• [Exercise requirements]: Beginning with the line that contains "The image shows 42" in the material below, print each line exactly until the line that contains "The face used" has been printed, then stop.

• [Source records]:
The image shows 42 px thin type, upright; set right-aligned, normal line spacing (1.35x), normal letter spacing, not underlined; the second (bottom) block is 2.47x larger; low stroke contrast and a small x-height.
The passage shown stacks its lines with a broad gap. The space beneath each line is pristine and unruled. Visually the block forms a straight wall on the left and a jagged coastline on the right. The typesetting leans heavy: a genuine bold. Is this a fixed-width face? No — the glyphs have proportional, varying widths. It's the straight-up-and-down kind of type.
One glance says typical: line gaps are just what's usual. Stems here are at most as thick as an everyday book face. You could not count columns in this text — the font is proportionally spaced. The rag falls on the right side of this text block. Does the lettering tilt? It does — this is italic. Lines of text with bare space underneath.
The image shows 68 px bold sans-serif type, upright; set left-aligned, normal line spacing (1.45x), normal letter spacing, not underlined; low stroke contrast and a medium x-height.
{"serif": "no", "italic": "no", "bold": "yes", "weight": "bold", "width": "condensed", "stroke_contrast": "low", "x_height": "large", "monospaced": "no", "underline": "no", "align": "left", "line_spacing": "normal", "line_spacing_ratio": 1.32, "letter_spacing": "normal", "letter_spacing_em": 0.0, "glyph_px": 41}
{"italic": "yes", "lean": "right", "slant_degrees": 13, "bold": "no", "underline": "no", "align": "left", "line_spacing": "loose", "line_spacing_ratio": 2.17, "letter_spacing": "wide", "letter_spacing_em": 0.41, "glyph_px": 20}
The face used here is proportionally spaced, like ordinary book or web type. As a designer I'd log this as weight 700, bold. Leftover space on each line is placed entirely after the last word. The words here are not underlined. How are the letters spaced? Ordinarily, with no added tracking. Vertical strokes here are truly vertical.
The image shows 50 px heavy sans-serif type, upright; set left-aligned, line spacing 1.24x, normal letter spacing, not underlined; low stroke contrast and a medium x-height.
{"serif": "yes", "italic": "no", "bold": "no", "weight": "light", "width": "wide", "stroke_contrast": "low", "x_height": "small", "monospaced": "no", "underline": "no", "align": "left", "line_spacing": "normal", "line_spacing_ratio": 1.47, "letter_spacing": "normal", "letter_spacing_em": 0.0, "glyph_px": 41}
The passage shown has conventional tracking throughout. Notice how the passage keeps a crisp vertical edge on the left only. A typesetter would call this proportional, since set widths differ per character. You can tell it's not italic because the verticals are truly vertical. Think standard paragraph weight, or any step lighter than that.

* * *

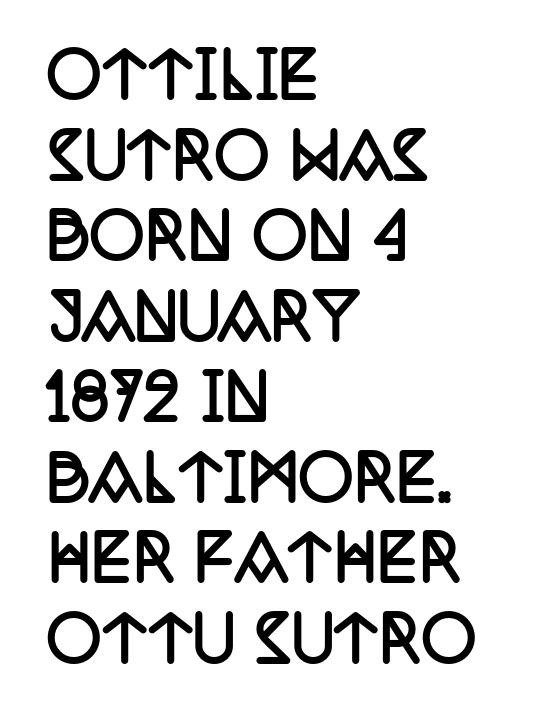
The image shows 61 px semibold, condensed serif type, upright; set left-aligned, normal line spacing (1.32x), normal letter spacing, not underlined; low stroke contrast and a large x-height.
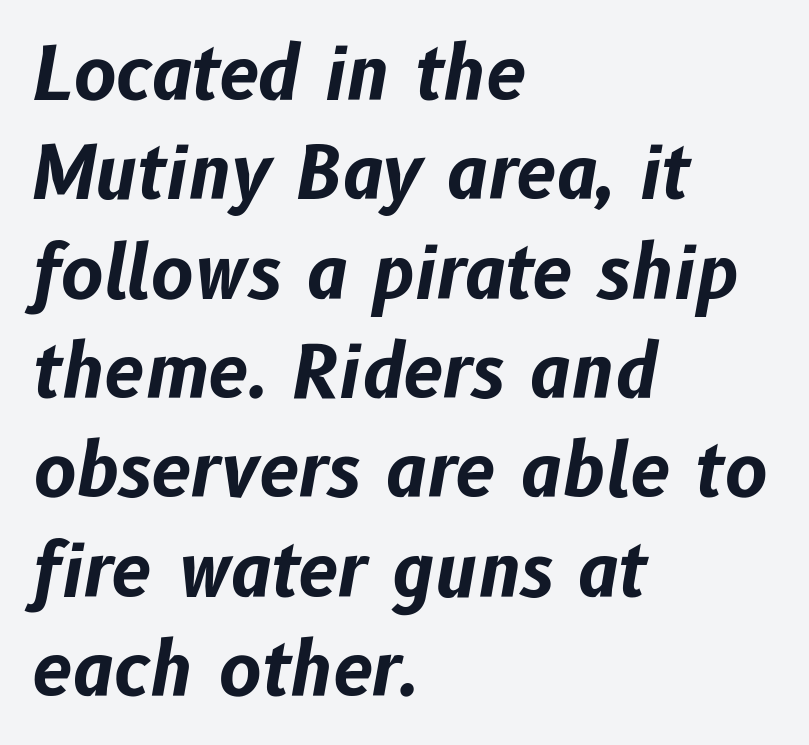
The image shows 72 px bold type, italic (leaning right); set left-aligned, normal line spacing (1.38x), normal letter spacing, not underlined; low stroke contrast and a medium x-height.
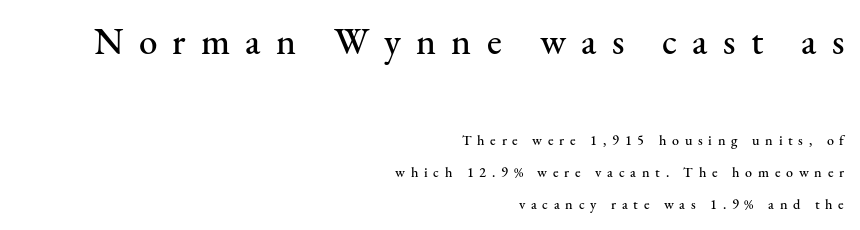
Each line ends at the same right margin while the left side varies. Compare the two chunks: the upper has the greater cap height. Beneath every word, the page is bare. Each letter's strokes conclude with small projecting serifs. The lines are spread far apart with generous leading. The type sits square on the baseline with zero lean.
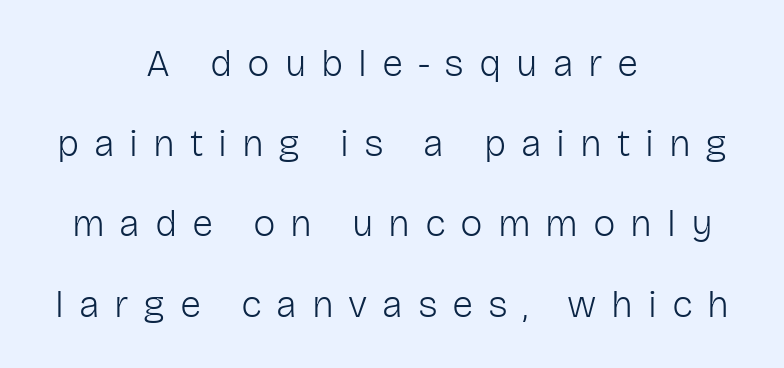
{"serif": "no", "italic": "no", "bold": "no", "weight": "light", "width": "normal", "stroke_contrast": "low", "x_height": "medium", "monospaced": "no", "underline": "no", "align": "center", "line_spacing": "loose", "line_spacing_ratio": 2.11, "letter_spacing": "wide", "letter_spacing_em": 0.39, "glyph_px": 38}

==

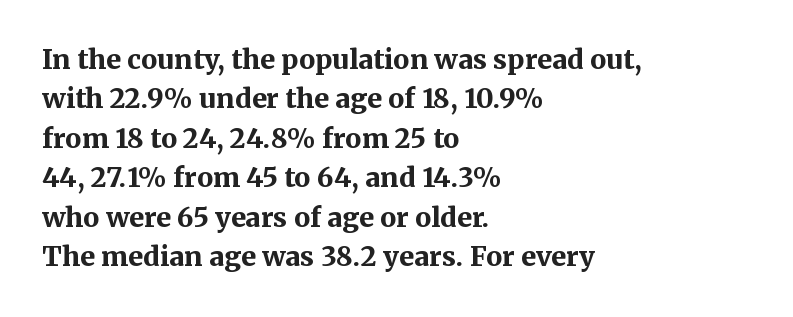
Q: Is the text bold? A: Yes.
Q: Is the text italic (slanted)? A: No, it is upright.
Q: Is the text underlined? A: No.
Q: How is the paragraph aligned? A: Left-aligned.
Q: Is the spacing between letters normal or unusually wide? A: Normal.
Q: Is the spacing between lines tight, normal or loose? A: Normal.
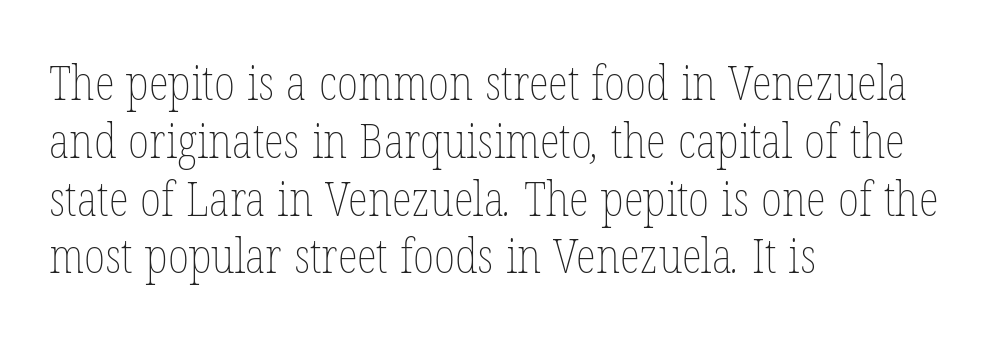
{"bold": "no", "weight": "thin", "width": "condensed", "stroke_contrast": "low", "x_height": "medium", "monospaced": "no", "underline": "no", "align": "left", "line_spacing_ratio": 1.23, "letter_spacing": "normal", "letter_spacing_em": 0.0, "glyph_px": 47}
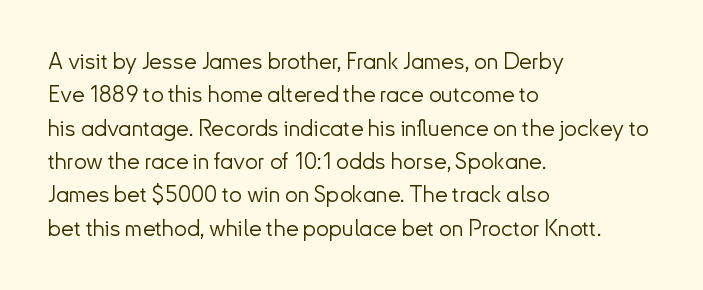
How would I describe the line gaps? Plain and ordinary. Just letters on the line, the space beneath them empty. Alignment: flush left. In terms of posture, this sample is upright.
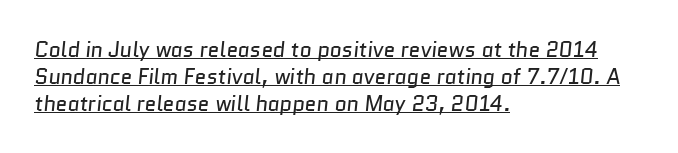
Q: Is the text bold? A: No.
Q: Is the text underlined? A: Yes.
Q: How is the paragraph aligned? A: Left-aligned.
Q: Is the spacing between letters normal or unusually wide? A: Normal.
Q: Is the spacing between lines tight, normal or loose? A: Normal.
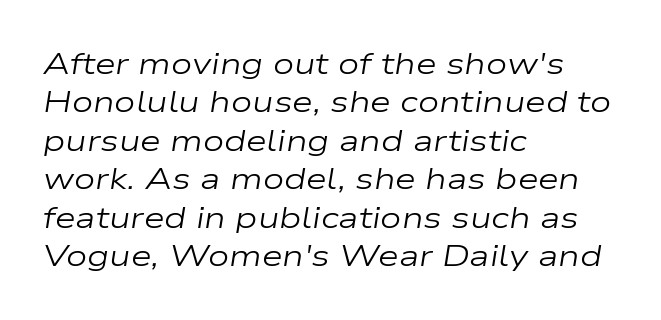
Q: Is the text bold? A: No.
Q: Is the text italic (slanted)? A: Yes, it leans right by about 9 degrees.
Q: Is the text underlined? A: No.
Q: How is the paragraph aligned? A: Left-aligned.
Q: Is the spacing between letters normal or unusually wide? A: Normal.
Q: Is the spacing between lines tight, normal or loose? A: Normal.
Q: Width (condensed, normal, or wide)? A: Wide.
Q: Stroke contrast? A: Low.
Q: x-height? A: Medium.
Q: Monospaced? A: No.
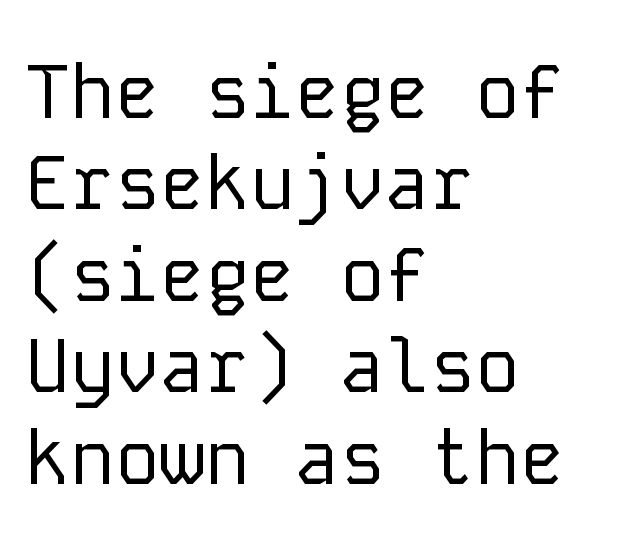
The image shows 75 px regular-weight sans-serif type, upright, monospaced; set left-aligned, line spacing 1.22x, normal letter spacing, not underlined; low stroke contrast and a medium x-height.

• [Reply to the task]:
The image shows 42 px thin type, upright; set right-aligned, normal line spacing (1.35x), normal letter spacing, not underlined; the second (bottom) block is 2.47x larger; low stroke contrast and a small x-height.
The passage shown stacks its lines with a broad gap. The space beneath each line is pristine and unruled. Visually the block forms a straight wall on the left and a jagged coastline on the right. The typesetting leans heavy: a genuine bold. Is this a fixed-width face? No — the glyphs have proportional, varying widths. It's the straight-up-and-down kind of type.
One glance says typical: line gaps are just what's usual. Stems here are at most as thick as an everyday book face. You could not count columns in this text — the font is proportionally spaced. The rag falls on the right side of this text block. Does the lettering tilt? It does — this is italic. Lines of text with bare space underneath.
The image shows 68 px bold sans-serif type, upright; set left-aligned, normal line spacing (1.45x), normal letter spacing, not underlined; low stroke contrast and a medium x-height.
{"serif": "no", "italic": "no", "bold": "yes", "weight": "bold", "width": "condensed", "stroke_contrast": "low", "x_height": "large", "monospaced": "no", "underline": "no", "align": "left", "line_spacing": "normal", "line_spacing_ratio": 1.32, "letter_spacing": "normal", "letter_spacing_em": 0.0, "glyph_px": 41}
{"italic": "yes", "lean": "right", "slant_degrees": 13, "bold": "no", "underline": "no", "align": "left", "line_spacing": "loose", "line_spacing_ratio": 2.17, "letter_spacing": "wide", "letter_spacing_em": 0.41, "glyph_px": 20}
The face used here is proportionally spaced, like ordinary book or web type. As a designer I'd log this as weight 700, bold. Leftover space on each line is placed entirely after the last word. The words here are not underlined. How are the letters spaced? Ordinarily, with no added tracking. Vertical strokes here are truly vertical.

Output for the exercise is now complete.